> EXERCISE
Give the records again exactly as written. Leave out the pictures.

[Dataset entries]

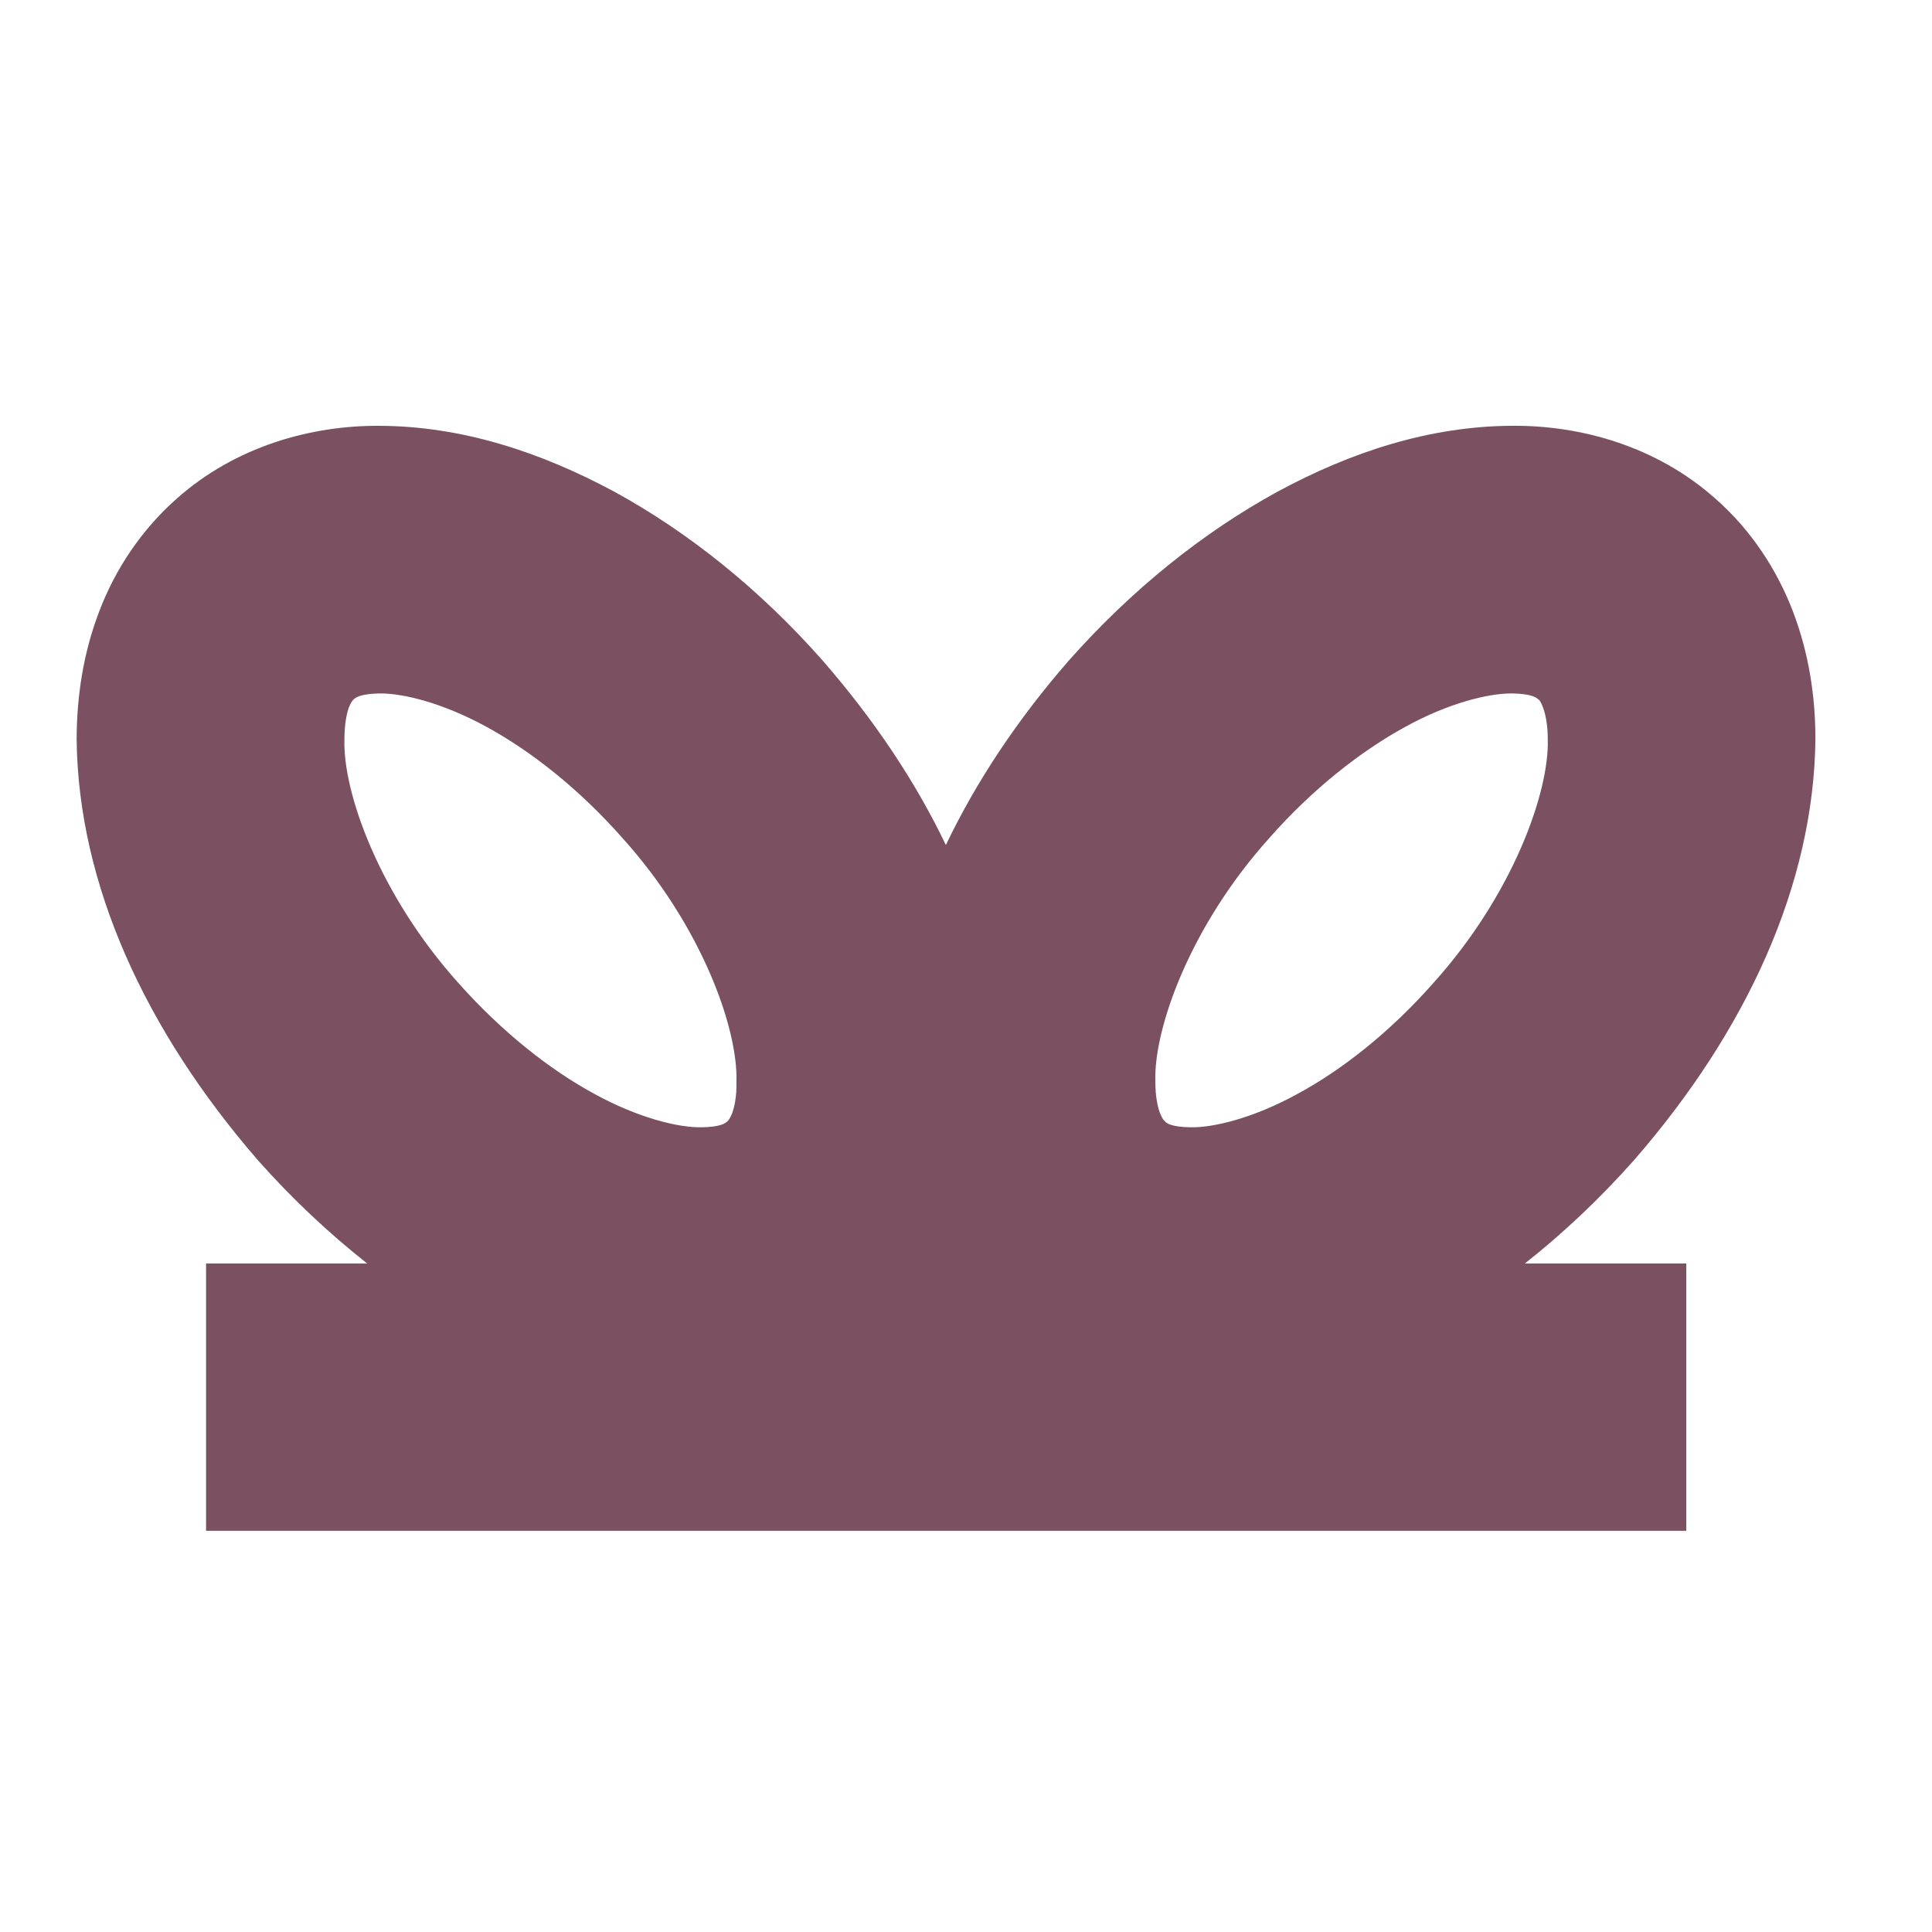 <?xml version="1.0" encoding="utf-8"?>
<!-- Generator: Adobe Illustrator 17.0.0, SVG Export Plug-In . SVG Version: 6.00 Build 0)  -->
<!DOCTYPE svg PUBLIC "-//W3C//DTD SVG 1.1//EN" "http://www.w3.org/Graphics/SVG/1.1/DTD/svg11.dtd">
<svg version="1.1" id="Livello_1" xmlns="http://www.w3.org/2000/svg" xmlns:xlink="http://www.w3.org/1999/xlink" x="0px" y="0px"
	 width="50px" height="50px" viewBox="5 5 50 50" enable-background="new 5 5 50 50" xml:space="preserve">
<g>
	<path fill="#7B5161" d="M47.296,35.016c2.912-3.349,4.644-7.126,4.687-10.883c0-1.107-0.169-2.225-0.58-3.304
		c-0.411-1.076-1.083-2.116-2.017-2.931c-1.51-1.341-3.454-1.89-5.24-1.879c-2.12,0.008-4.149,0.66-6.085,1.706
		c-1.928,1.056-3.769,2.528-5.409,4.38c-1.318,1.514-2.386,3.116-3.173,4.764c-0.788-1.648-1.864-3.25-3.18-4.764
		c-1.63-1.848-3.47-3.323-5.398-4.379c-1.936-1.041-3.965-1.698-6.081-1.706c-1.782-0.012-3.726,0.538-5.236,1.875
		c-0.926,0.814-1.61,1.852-2.017,2.931c-0.415,1.079-0.58,2.201-0.584,3.308c0.042,3.757,1.779,7.529,4.683,10.883
		c0.891,1.006,1.844,1.898,2.835,2.681h-4.168v6.919h38.308v-6.919h-4.176C45.456,36.914,46.405,36.022,47.296,35.016z
		 M23.947,33.813c-0.066,0.154-0.096,0.181-0.126,0.211c-0.05,0.039-0.15,0.142-0.664,0.15c-0.588,0.012-1.629-0.235-2.774-0.864
		c-1.149-0.622-2.397-1.606-3.522-2.873c-2.04-2.27-2.992-4.929-2.947-6.304c0-0.404,0.062-0.68,0.115-0.826
		c0.066-0.154,0.1-0.181,0.126-0.211c0.05-0.035,0.142-0.138,0.66-0.15c0.012,0,0.023,0,0.035,0c0.592,0,1.61,0.246,2.732,0.86
		c1.153,0.626,2.405,1.61,3.526,2.881c2.044,2.266,2.992,4.918,2.951,6.3C24.07,33.391,24,33.668,23.947,33.813z M38.579,33.31
		c-1.145,0.63-2.182,0.876-2.766,0.864c-0.518-0.008-0.619-0.111-0.66-0.146v-0.007c-0.035-0.027-0.066-0.054-0.13-0.208
		c-0.058-0.146-0.123-0.423-0.123-0.826c-0.042-1.383,0.911-4.034,2.951-6.3c1.122-1.275,2.378-2.255,3.526-2.881
		c1.126-0.619,2.147-0.86,2.735-0.86c0.012,0,0.023,0,0.035,0c0.515,0.012,0.615,0.115,0.657,0.146
		c0.039,0.031,0.07,0.058,0.126,0.211c0.058,0.15,0.126,0.427,0.126,0.826c0.042,1.379-0.911,4.034-2.958,6.308
		C40.98,31.705,39.732,32.688,38.579,33.31z"/>
</g>
</svg>

> FINISHED EXERCISE
 <?xml version="1.0" encoding="utf-8"?>
<!-- Generator: Adobe Illustrator 17.0.0, SVG Export Plug-In . SVG Version: 6.00 Build 0)  -->
<!DOCTYPE svg PUBLIC "-//W3C//DTD SVG 1.1//EN" "http://www.w3.org/Graphics/SVG/1.1/DTD/svg11.dtd">
<svg version="1.1" id="Livello_1" xmlns="http://www.w3.org/2000/svg" xmlns:xlink="http://www.w3.org/1999/xlink" x="0px" y="0px"
	 width="50px" height="50px" viewBox="5 5 50 50" enable-background="new 5 5 50 50" xml:space="preserve">
<g>
	<path fill="#7B5161" d="M47.296,35.016c2.912-3.349,4.644-7.126,4.687-10.883c0-1.107-0.169-2.225-0.58-3.304
		c-0.411-1.076-1.083-2.116-2.017-2.931c-1.51-1.341-3.454-1.89-5.24-1.879c-2.12,0.008-4.149,0.66-6.085,1.706
		c-1.928,1.056-3.769,2.528-5.409,4.38c-1.318,1.514-2.386,3.116-3.173,4.764c-0.788-1.648-1.864-3.25-3.18-4.764
		c-1.63-1.848-3.47-3.323-5.398-4.379c-1.936-1.041-3.965-1.698-6.081-1.706c-1.782-0.012-3.726,0.538-5.236,1.875
		c-0.926,0.814-1.61,1.852-2.017,2.931c-0.415,1.079-0.58,2.201-0.584,3.308c0.042,3.757,1.779,7.529,4.683,10.883
		c0.891,1.006,1.844,1.898,2.835,2.681h-4.168v6.919h38.308v-6.919h-4.176C45.456,36.914,46.405,36.022,47.296,35.016z
		 M23.947,33.813c-0.066,0.154-0.096,0.181-0.126,0.211c-0.05,0.039-0.15,0.142-0.664,0.15c-0.588,0.012-1.629-0.235-2.774-0.864
		c-1.149-0.622-2.397-1.606-3.522-2.873c-2.04-2.27-2.992-4.929-2.947-6.304c0-0.404,0.062-0.68,0.115-0.826
		c0.066-0.154,0.1-0.181,0.126-0.211c0.05-0.035,0.142-0.138,0.66-0.15c0.012,0,0.023,0,0.035,0c0.592,0,1.61,0.246,2.732,0.86
		c1.153,0.626,2.405,1.61,3.526,2.881c2.044,2.266,2.992,4.918,2.951,6.3C24.07,33.391,24,33.668,23.947,33.813z M38.579,33.31
		c-1.145,0.63-2.182,0.876-2.766,0.864c-0.518-0.008-0.619-0.111-0.66-0.146v-0.007c-0.035-0.027-0.066-0.054-0.13-0.208
		c-0.058-0.146-0.123-0.423-0.123-0.826c-0.042-1.383,0.911-4.034,2.951-6.3c1.122-1.275,2.378-2.255,3.526-2.881
		c1.126-0.619,2.147-0.86,2.735-0.86c0.012,0,0.023,0,0.035,0c0.515,0.012,0.615,0.115,0.657,0.146
		c0.039,0.031,0.07,0.058,0.126,0.211c0.058,0.15,0.126,0.427,0.126,0.826c0.042,1.379-0.911,4.034-2.958,6.308
		C40.98,31.705,39.732,32.688,38.579,33.31z"/>
</g>
</svg>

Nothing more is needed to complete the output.